(Records from a data source)
*** Block opens ***

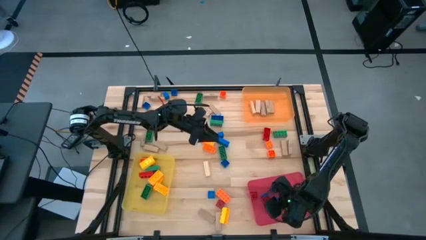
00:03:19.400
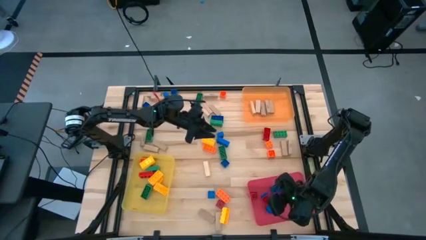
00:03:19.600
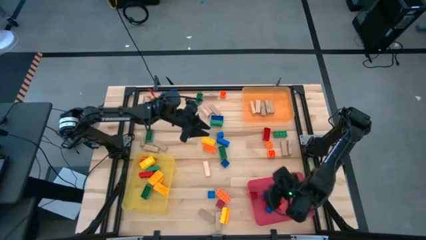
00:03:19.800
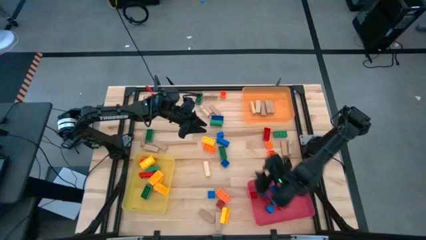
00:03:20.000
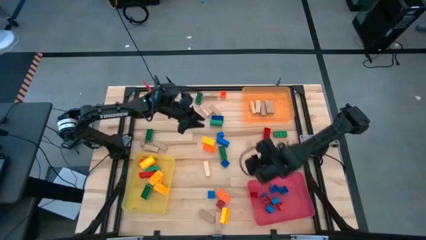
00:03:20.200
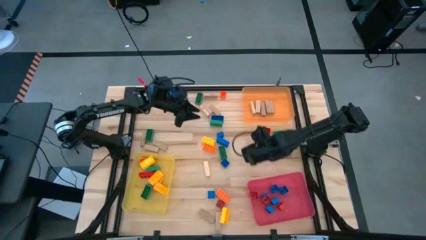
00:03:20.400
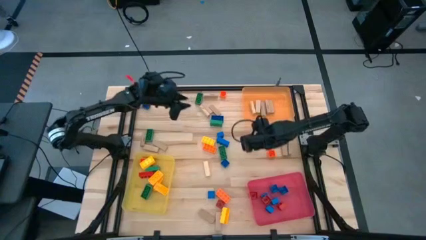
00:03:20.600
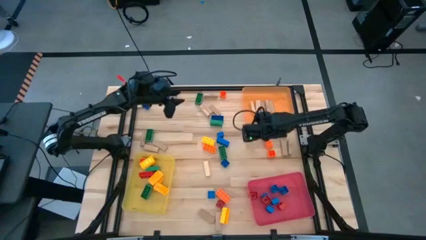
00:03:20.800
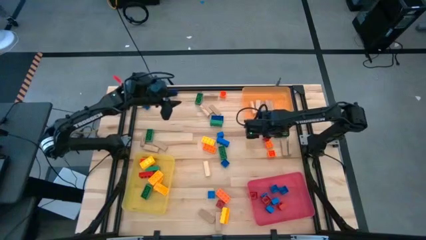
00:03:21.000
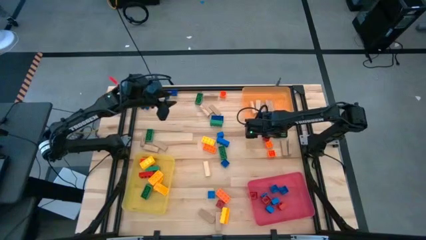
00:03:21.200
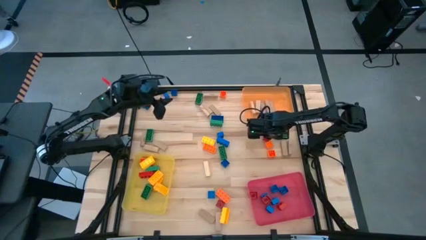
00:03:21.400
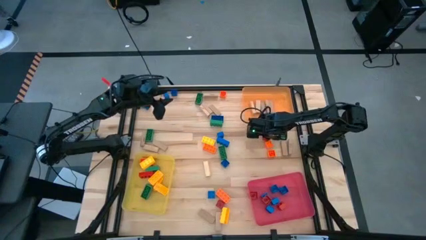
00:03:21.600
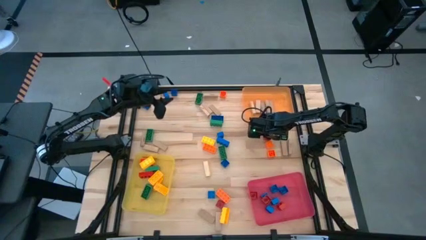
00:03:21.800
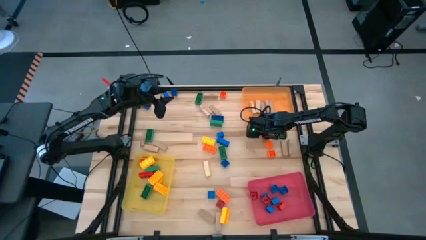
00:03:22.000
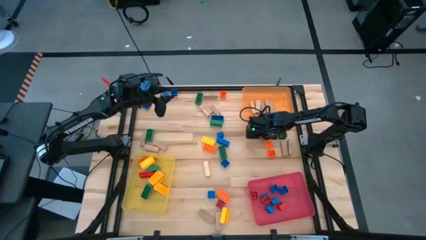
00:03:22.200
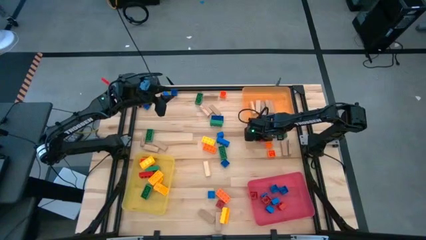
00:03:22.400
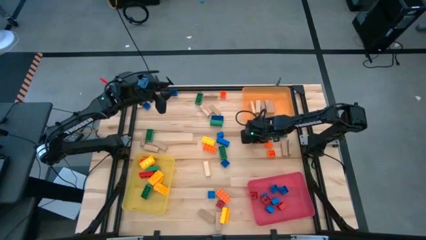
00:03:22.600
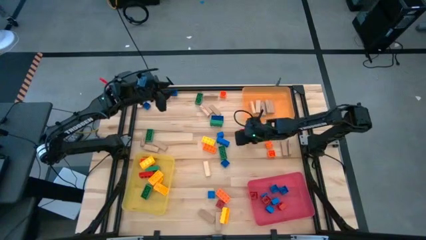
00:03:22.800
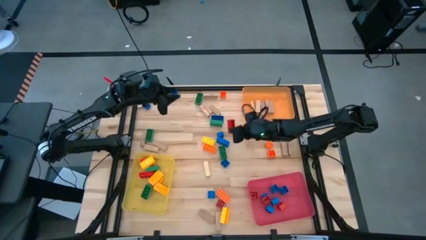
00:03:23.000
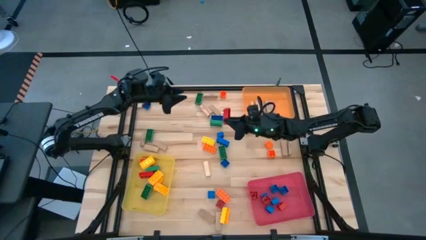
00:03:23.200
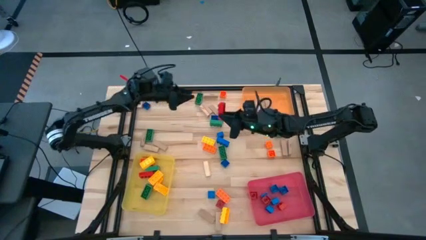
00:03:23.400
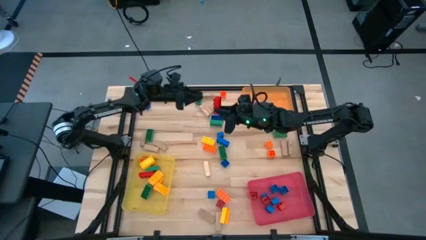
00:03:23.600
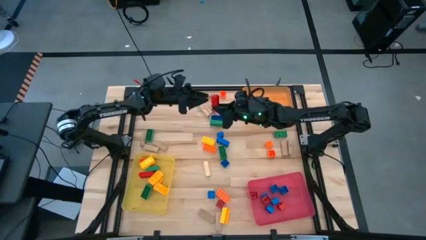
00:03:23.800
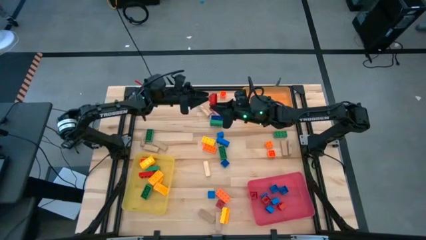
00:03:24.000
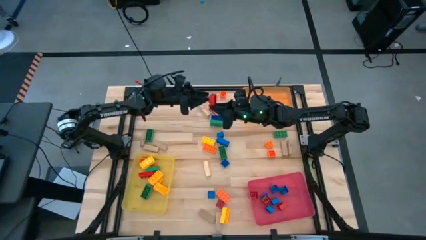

*** Block closes ***

» What the task asks: Except for the pictures, copy every line of the records above exactly.

» Result of the task:
00:03:19.400
00:03:19.600
00:03:19.800
00:03:20.000
00:03:20.200
00:03:20.400
00:03:20.600
00:03:20.800
00:03:21.000
00:03:21.200
00:03:21.400
00:03:21.600
00:03:21.800
00:03:22.000
00:03:22.200
00:03:22.400
00:03:22.600
00:03:22.800
00:03:23.000
00:03:23.200
00:03:23.400
00:03:23.600
00:03:23.800
00:03:24.000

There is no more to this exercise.